Render Health Care Data More Accessible to All Researchers. Researcher access to Medicare health care datasets is often limited due to excessive costs for their use and substantial delays in gaining access. Currently, to gain access to a multitude of useful Medicare provider data, researchers must pay a fee that can exceed $100,000.

Moreover, the data files themselves are often unwieldy, requiring the use of expensive statistical programs for their analysis. Both the cost and complexity of these datasets means that their use by independent researchers and analysts is hampered. To propel greater analysis of this information, CMS should change its data sharing policies to render datasets less expensive and more accessible to a wider range of researchers.

Include Facility Cost Data. As outlined in sections above, inclusion of facility cost information could help better identify those providers who deliver services in higher-paying hospital settings, when they could be delivered in lower cost community or physician office settings. The inclusion of facility cost data could also allow deeper analyses on specific subspecialties and procedures, and create further evidence on the need for facility payment methodologies that are site neutral.

In fact, CMS and the Medicare Payment Advisory Commission (MedPAC)  have both proposed plans to implement site-neutral payments, but further research by a wider range of organizations must be lead to help determine suitable subspecialties and procedure codes where payment differences are particularly egregious.

Include Patient-level Data. The current dataset lacks patient information such as age or diagnosis, information that is necessary to determine whether a service provided is indeed low-value to a specific type of patient. Taking the case of prostate cancer screenings—which are deemed unnecessary for men over the age 75—a service might only be low-value for patients of certain ages, as well as with certain health care conditions.

As many recommendations are based on a patient’s age, if releasing individual patient-level age data poses a problem, such as privacy, CMS should consider grouping patients into five-year cohorts (i.e. 60-65, 66-70, etc.). In general, the inclusion of patient information, even if it were aggregated to the individual provider level, would be useful to ensure that findings can be risk-adjusted and that providers serving higher-risk and more complex patient populations are not criticized for higher spending patterns that result.
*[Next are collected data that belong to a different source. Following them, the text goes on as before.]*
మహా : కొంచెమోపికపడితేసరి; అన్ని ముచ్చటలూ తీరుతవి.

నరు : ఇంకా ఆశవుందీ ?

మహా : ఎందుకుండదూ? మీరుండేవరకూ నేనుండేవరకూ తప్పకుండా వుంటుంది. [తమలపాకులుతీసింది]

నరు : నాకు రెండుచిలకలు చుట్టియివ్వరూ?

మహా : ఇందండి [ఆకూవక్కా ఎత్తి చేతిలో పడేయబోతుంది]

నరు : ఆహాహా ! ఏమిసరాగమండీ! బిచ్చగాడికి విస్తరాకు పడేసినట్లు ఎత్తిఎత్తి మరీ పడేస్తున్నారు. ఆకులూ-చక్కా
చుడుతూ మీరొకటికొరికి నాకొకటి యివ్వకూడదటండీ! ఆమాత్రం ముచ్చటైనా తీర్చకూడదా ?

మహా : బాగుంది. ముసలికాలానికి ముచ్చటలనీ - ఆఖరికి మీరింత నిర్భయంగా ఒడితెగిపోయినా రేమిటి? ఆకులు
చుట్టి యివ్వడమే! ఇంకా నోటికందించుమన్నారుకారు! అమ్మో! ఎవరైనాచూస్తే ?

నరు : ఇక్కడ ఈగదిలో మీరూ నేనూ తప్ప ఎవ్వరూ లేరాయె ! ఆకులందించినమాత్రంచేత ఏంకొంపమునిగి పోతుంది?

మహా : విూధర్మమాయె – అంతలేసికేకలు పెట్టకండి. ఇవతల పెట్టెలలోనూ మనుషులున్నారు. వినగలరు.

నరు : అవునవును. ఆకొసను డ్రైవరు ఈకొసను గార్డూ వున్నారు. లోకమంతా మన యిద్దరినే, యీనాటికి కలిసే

Include Geographic Benchmarks. Research has shown that health care utilization varies based on geography. Therefore, geographic benchmarks, perhaps by hospital referral region, based on local demographics, must be included in future datasets to enhance geographic comparisons of utilizations rates for individual providers and health systems, as well as procedures, tests, and prescriptions.

Include Time-series Data. The 2014 dataset only includes information from 2012. In future releases, we not only recommend that the data be up-to-date, but we also suggest that more historical data be provided so as to allow deeper analyses of provider utilization and cost trends over time.

Though the release of the Medicare physician payment dataset signified a historically large step toward transparency, there is still a long way to go before these data can be considered useful for analysis. Yet, even once datasets are improved upon, and the information provided is cleaned and perfected, the achievement of “meaningful” transparency will require further steps.

That is, we will then have to explore how this useful information can be translated adequately to the consumer so as to ensure its use when choosing a provider. Only then—when consumers are able to be “smart” shoppers—can this information potentially lead to provider competition on price and quality, and ultimately propel overall health system improvement. 


[1]Avastin can sometimes get billed as ‘unclassified biologics’ or ‘drugs unclassified injection.’ Based on conversations with ophthalmologists we found that it was unlikely for any other drugs in these categories to fall within Avastin’s price range. We included HCPCS codes billed by ophthalmologists between $40 and $62 (the maximum allowable in 2012 and three standard deviations below that number) at the risk of including drugs that were not Avastin.